| AVS 63rd International Symposium & Exhibition | |
| Surface Science | Tuesday Sessions |
| Session SS+AS-TuA |
| Session: | Structure and Characterization of Oxides |
| Presenter: | Svetlozar Surnev, Karl-Franzens University, Austria |
| Authors: | N. Doudin, Karl-Franzens University, Austria M. Blatnik, Karl-Franzens University, Austria D. Kuhness, Karl-Franzens University, Germany A. Fortunelli, CNR-ICCOM & IPCF Pisa, Italy F.P. Netzer, Karl-Franzens University, Austria S. Surnev, Karl-Franzens University, Austria |
| Correspondent: | Click to Email |
Tungsten trioxide (WO3) is a key material in several applications including smart windows technology, photo-electrochemical water splitting, gas sensors and heterogeneous catalysis. In particular, tungsten oxides are important acid-base and redox catalysts, and they show excellent activity for many catalytic reactions, such as alcohol dehydrogenation, alkane hydrogenation and metathesis [1]. WO3 has been produced in single crystal form or as supported thin films with the bulk crystal structure. Recently, the formation of an ordered two-dimensional (2D) tungsten oxide layer on Pt(111) has been reported, where W atoms show a mixture of 5+ and 6+ oxidation states [2].
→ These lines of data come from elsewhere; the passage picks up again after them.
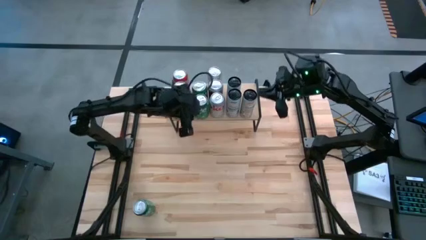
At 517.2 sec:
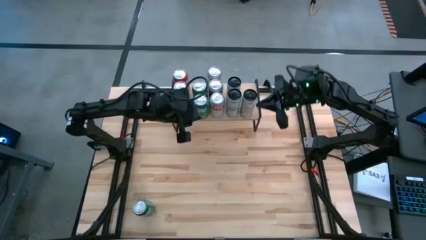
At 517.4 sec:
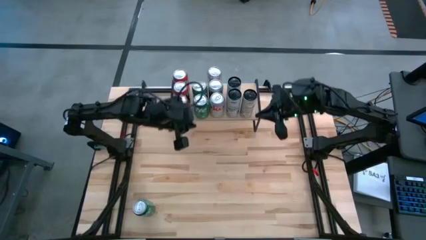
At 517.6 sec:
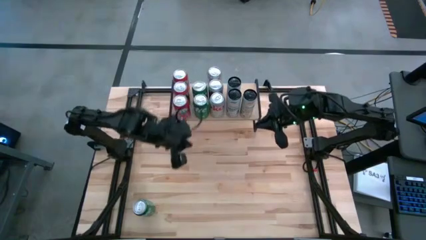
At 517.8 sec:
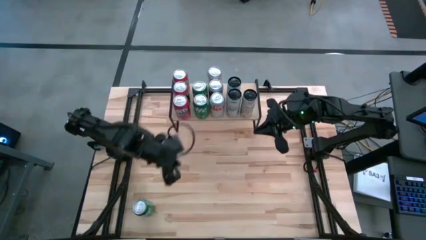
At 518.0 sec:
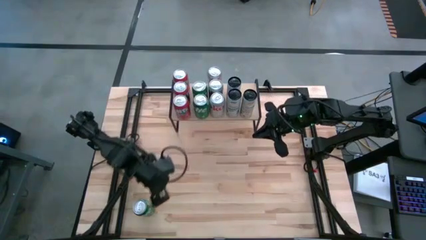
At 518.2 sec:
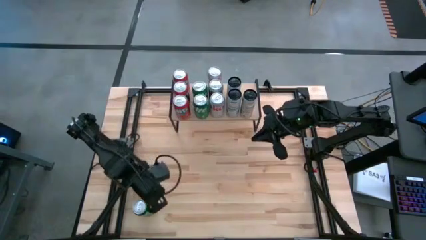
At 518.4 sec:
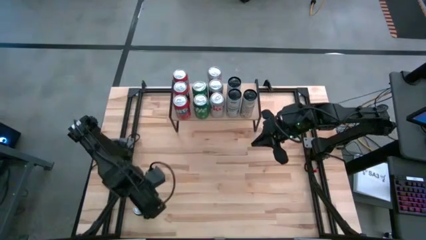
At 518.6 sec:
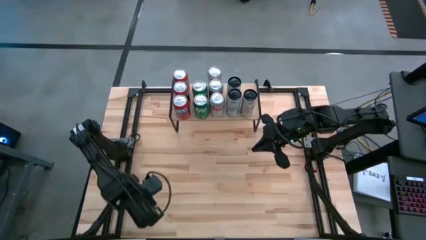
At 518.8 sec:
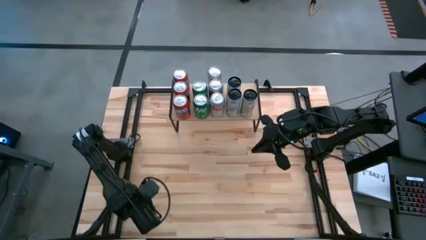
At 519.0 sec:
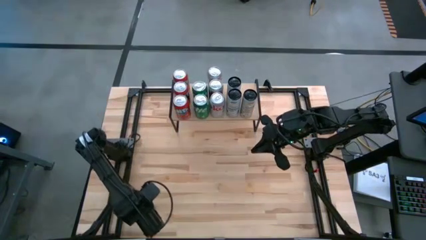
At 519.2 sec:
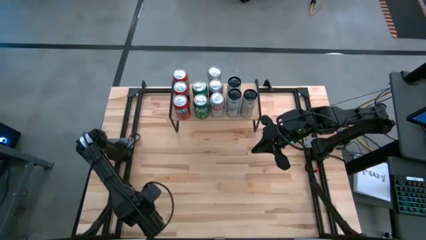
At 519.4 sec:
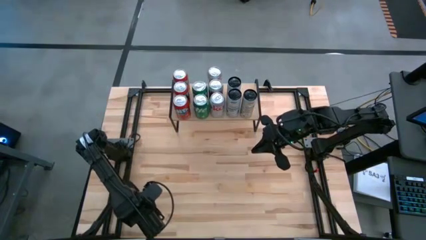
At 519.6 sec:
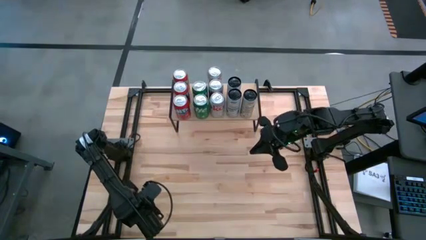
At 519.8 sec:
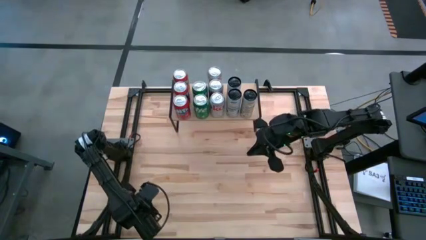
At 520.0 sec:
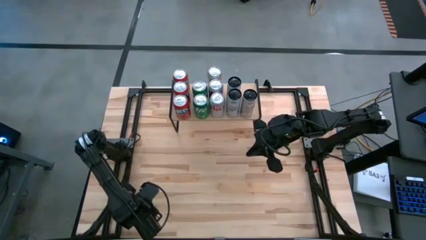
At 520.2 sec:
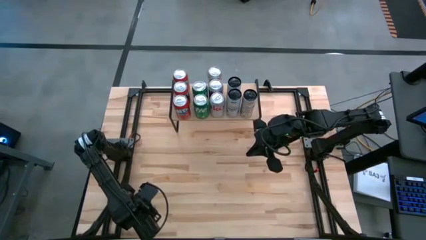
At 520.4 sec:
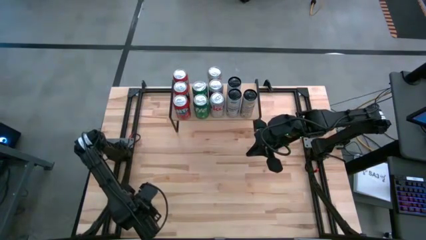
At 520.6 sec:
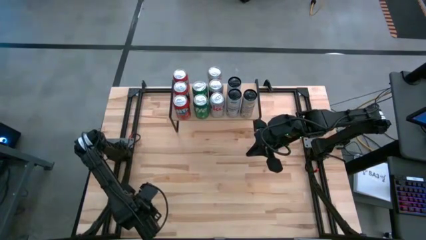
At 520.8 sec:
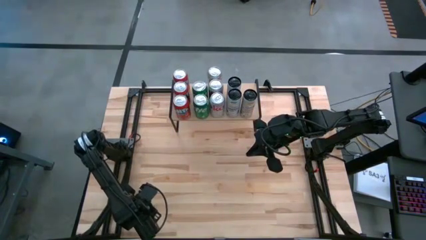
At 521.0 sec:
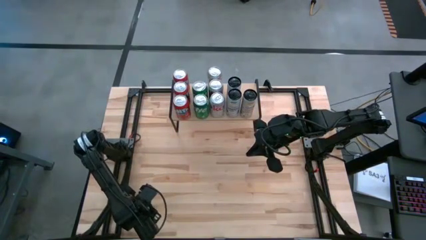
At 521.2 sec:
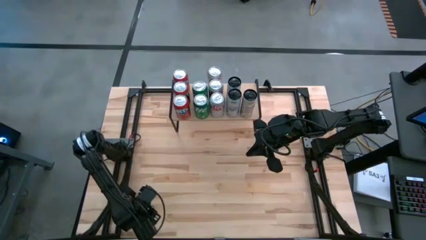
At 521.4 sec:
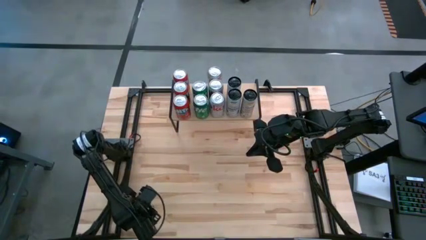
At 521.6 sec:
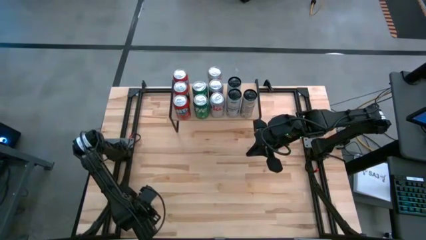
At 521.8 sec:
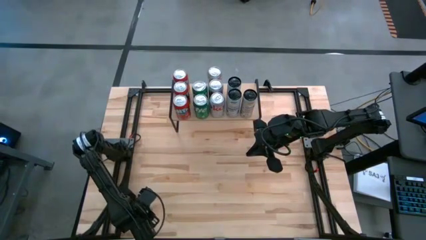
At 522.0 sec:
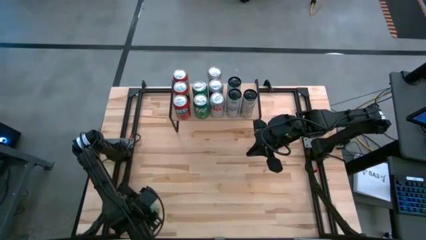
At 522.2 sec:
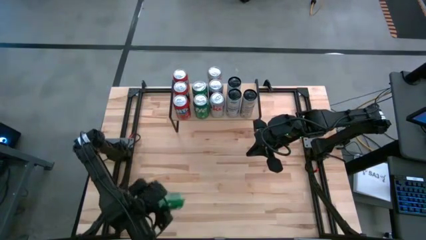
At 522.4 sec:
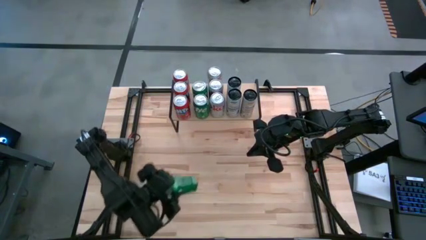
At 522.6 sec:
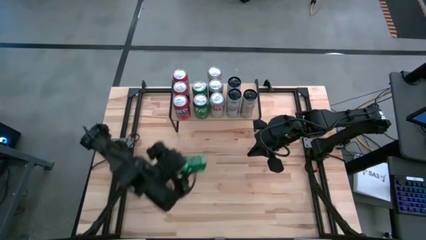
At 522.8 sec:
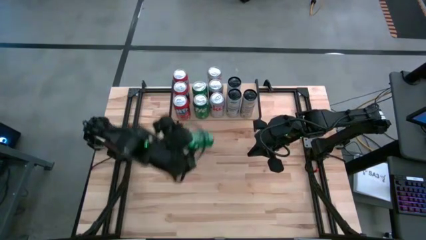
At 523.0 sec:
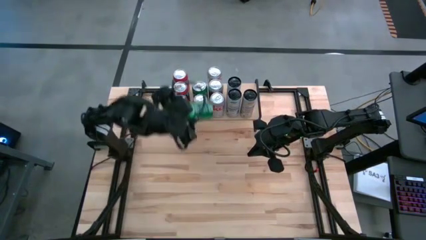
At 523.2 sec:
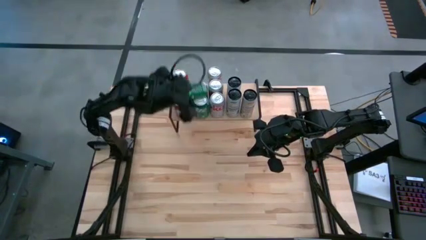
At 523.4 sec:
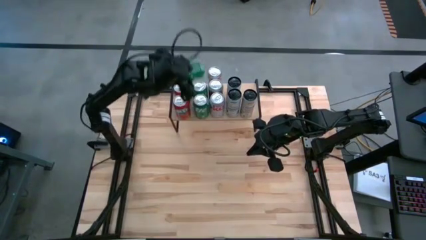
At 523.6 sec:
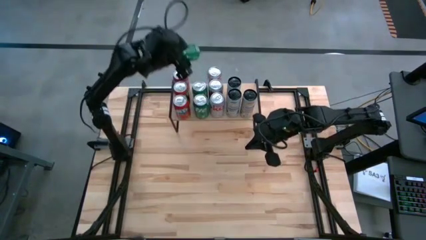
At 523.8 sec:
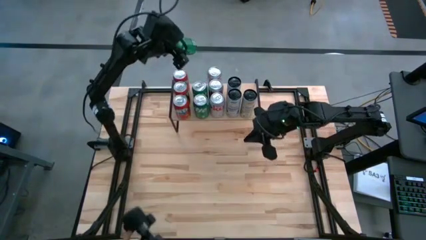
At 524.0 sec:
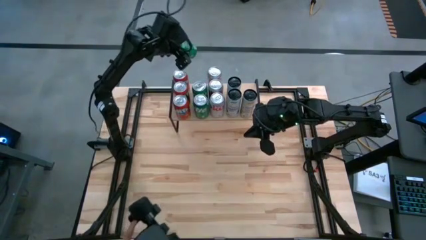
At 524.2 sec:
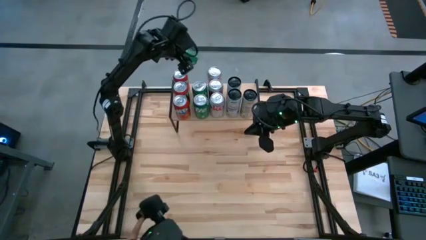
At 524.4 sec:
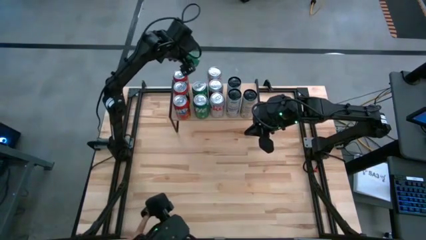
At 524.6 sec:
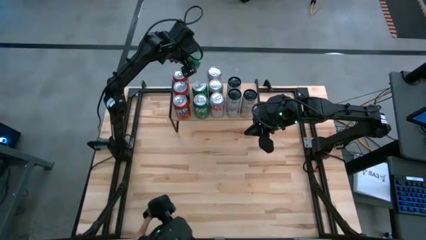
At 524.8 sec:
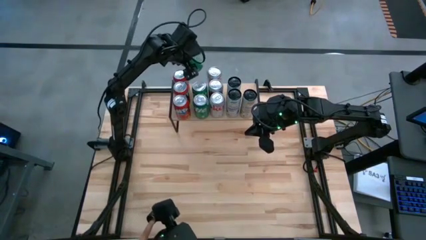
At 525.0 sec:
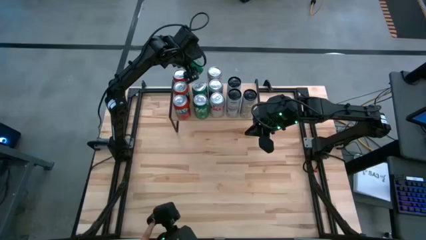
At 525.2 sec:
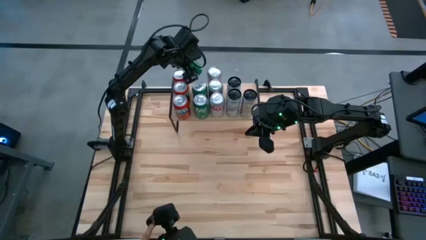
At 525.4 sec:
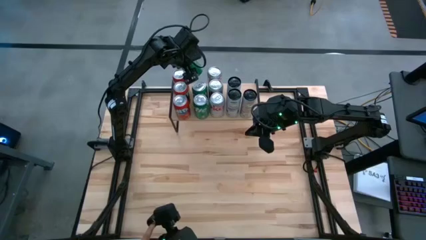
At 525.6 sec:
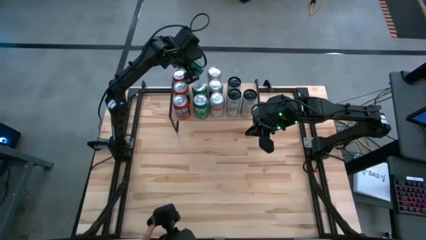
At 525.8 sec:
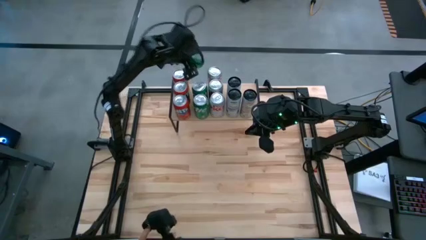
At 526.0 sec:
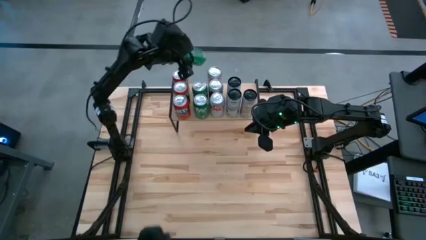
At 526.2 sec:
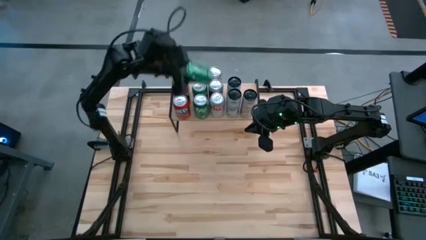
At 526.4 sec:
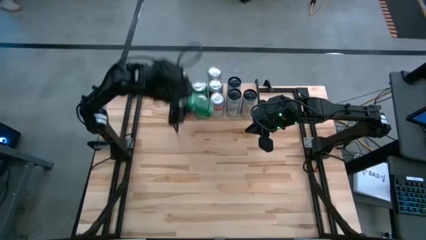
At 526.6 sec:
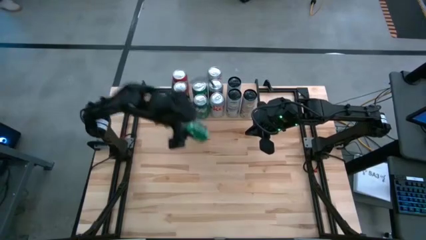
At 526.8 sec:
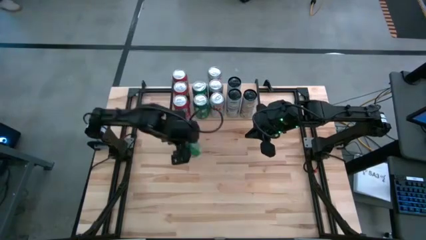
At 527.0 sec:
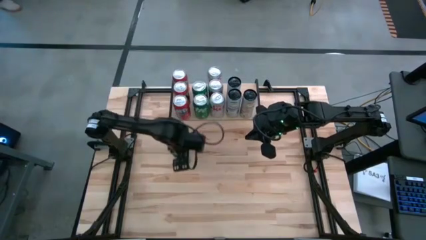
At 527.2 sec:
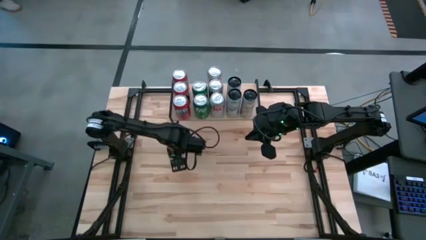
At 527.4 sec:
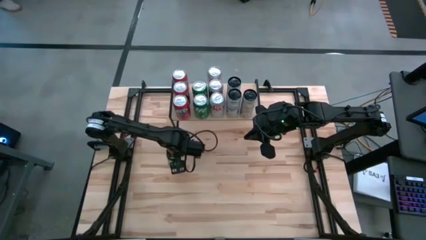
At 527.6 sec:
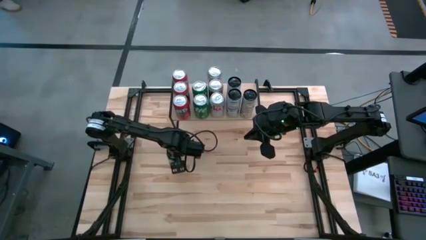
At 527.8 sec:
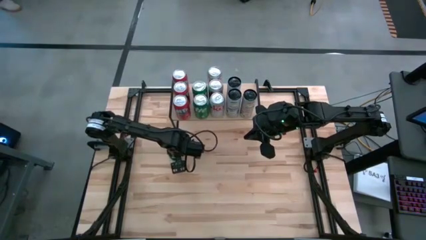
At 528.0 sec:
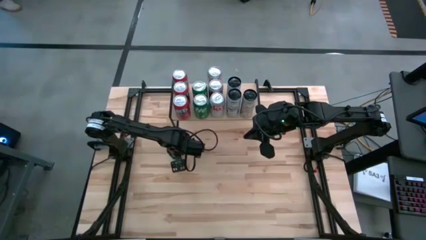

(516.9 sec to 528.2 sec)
Task: Place canned beverage on shelf
Put the green soda can on top of the shelf

Here we report on the preparation of a well-ordered 2D WO3 layer on a Pd(100) surface and the characterization of its geometric, electronic and vibrational structure by a combination of STM, LEED, XPS, HREELS measurements, supported by DFT calculations. The WO3 monolayer on Pd(100) surface and features a surface network consisting of small (~ 4 nm) square-shaped domains, separated by narrow (~ 0.3 nm) trenches (Fig. 1a). The latter are identified as anti-phase domain boundaries, as evidenced by atomically-resolved STM images (see inset of Fig. 1a) and the characteristic spot splitting in the LEED pattern (Fig. 1b). The STM image shows that each domain exhibits a square surface structure with a lattice constant of 0.39 nm, which corresponds to a c(2x2) superstructure. Another important feature is the presence of few dark depressions inside the domains, which we attribute to missing terminal O atoms (see model in Fig. 1d), in corroboration with HREELS results and high-resolution W 4f core-level spectra (Fig. 1c). The latter consist of three 4f7/2 - 4f5/2 doublet components, due to W atoms at different surface locations: within the defect-free areas (major component at 34.4 eV), with missing terminal oxygens (minor component at 33.3 eV), and at the domain boundaries (35.2 eV). The DFT derived structure model of the WO3 monolayer is shown in Fig. 1d and consists of a layer of O atoms adsorbed in on-top Pd positions, followed by a c(2x2) layer of W atoms, which are connected at the top to terminal O atoms via strong W=O bonds, as suggested by the HREELS results. It can be viewed in a way as a 2D analogue of a cubic WO3(001) crystal, featuring a similar lattice constant (0.39 nm vs. 0.38 nm) and polyhedral linkage, but with a modified W-O coordination sphere due to the contact with the Pd(100) surface.
[1] D. Gazzoli et al, J. Phys. Chem. B 101 (1997) 11129
[2] Z. Li, et al, J. Phys. Chem. C 115 (2011) 5773
This work has been supported by the FWF Project P26633-N20 and by the EU COST Action CM1104.